Very nice article Brian..welll done and well photographed.

A few questoins....Why did you decide to drill the ground versus just pound the supports into it? Do you see the need for the gravel at the bottom of the hole as very important? Seems to me that once the roadbed is buried in gravel, it's not going anywhere...even if you walk on it. Thoughts?


----------



## altterrain (Jan 2, 2008)

Posted By Mike Reilley on 12/14/2008 11:34 AM
Very nice article Brian..well done and well photographed.

A few questions....Why did you decide to drill the ground versus just pound the supports into it? Do you see the need for the gravel at the bottom of the hole as very important? Seems to me that once the roadbed is buried in gravel, it's not going anywhere...even if you walk on it. Thoughts?





Thanks Mike. Pounding the supports in could work depending on your soil. It would be very difficult to do here as the soil is like concrete. Drainage issues of water in the pipe can be a problem depending on your climate. I have heard of problems with frozen water bursting pipes. Some seal the top of the tube with caulk to deal with it. 

I had a buddy over today and he his layout is in a wooded area with lots of tree roots. We worked out driving half inch diameter, two foot long rebar half way down then slipping half inch conduit over that and then the PVC over the conduit. Its working pretty well so far. 


-Brian


----------



## jimtyp (Jan 2, 2008)

Brian, Thanks for posting this link. I'm planning an expansion this Spring and would like to use this pvc lumber. However, my HD doesn't seem to even know what it is and going to the HD website and searching for "tufboard" and "pvc board" turns up nothing. Does it go by any other name? 

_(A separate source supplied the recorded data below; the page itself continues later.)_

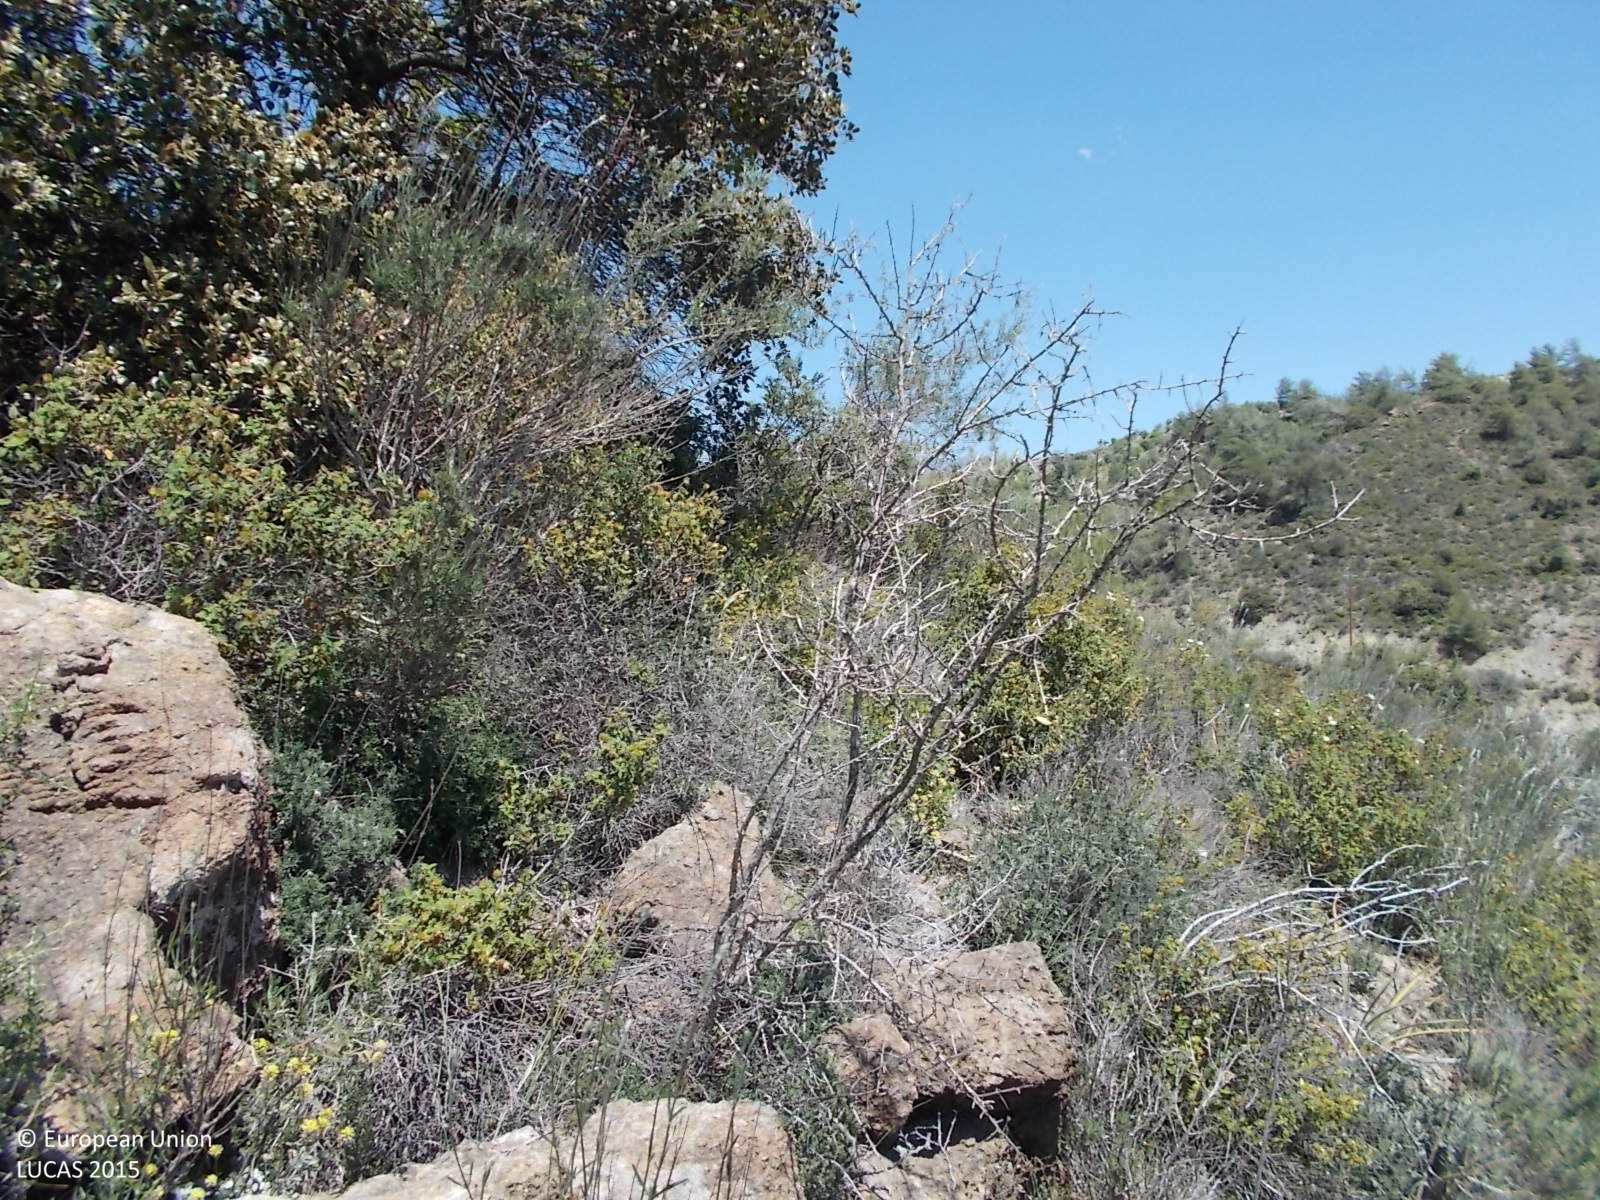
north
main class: Shrubland
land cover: Shrubland with sparse tree cover
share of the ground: > 75 %
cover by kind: shrubs 75 %, unconsolidated bare surface 20 %, broadleaved forest trees 5 %
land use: Semi-natural and natural areas not in use
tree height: < 5 m
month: May
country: CY
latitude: 34.8236
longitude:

Also, how much does it cost? I was looking at some similar stuff, it has a groove in it and seems to be made of some kind of plastic. They keep it outside in the garden area. It's about $8 for 8'.


----------



## GG (Jan 1, 2009)

I can't find it either in my area. So I'm looking at PVC "trellis or lattice trim" that comes in many colors. In the store I can bend it down to a 4 foot diameter. Drawback is that it is not solid, but channeled. Not the end of the world and I've seen it used here by forum members.... examine the photos on this forum and you will see pics on it. One guy is running his line feed wires through the channel. 

gg


----------



## Trains (Jan 2, 2008)

Try trim plank, It was located on the back wall of my HD. Menards also carries it and cheaper. 
Found this,
http://www.homedepot.com/webapp/wcs/stores/servlet/Search?keyword=trim+plank&langId=-1&storeId=10051&catalogId=10053


----------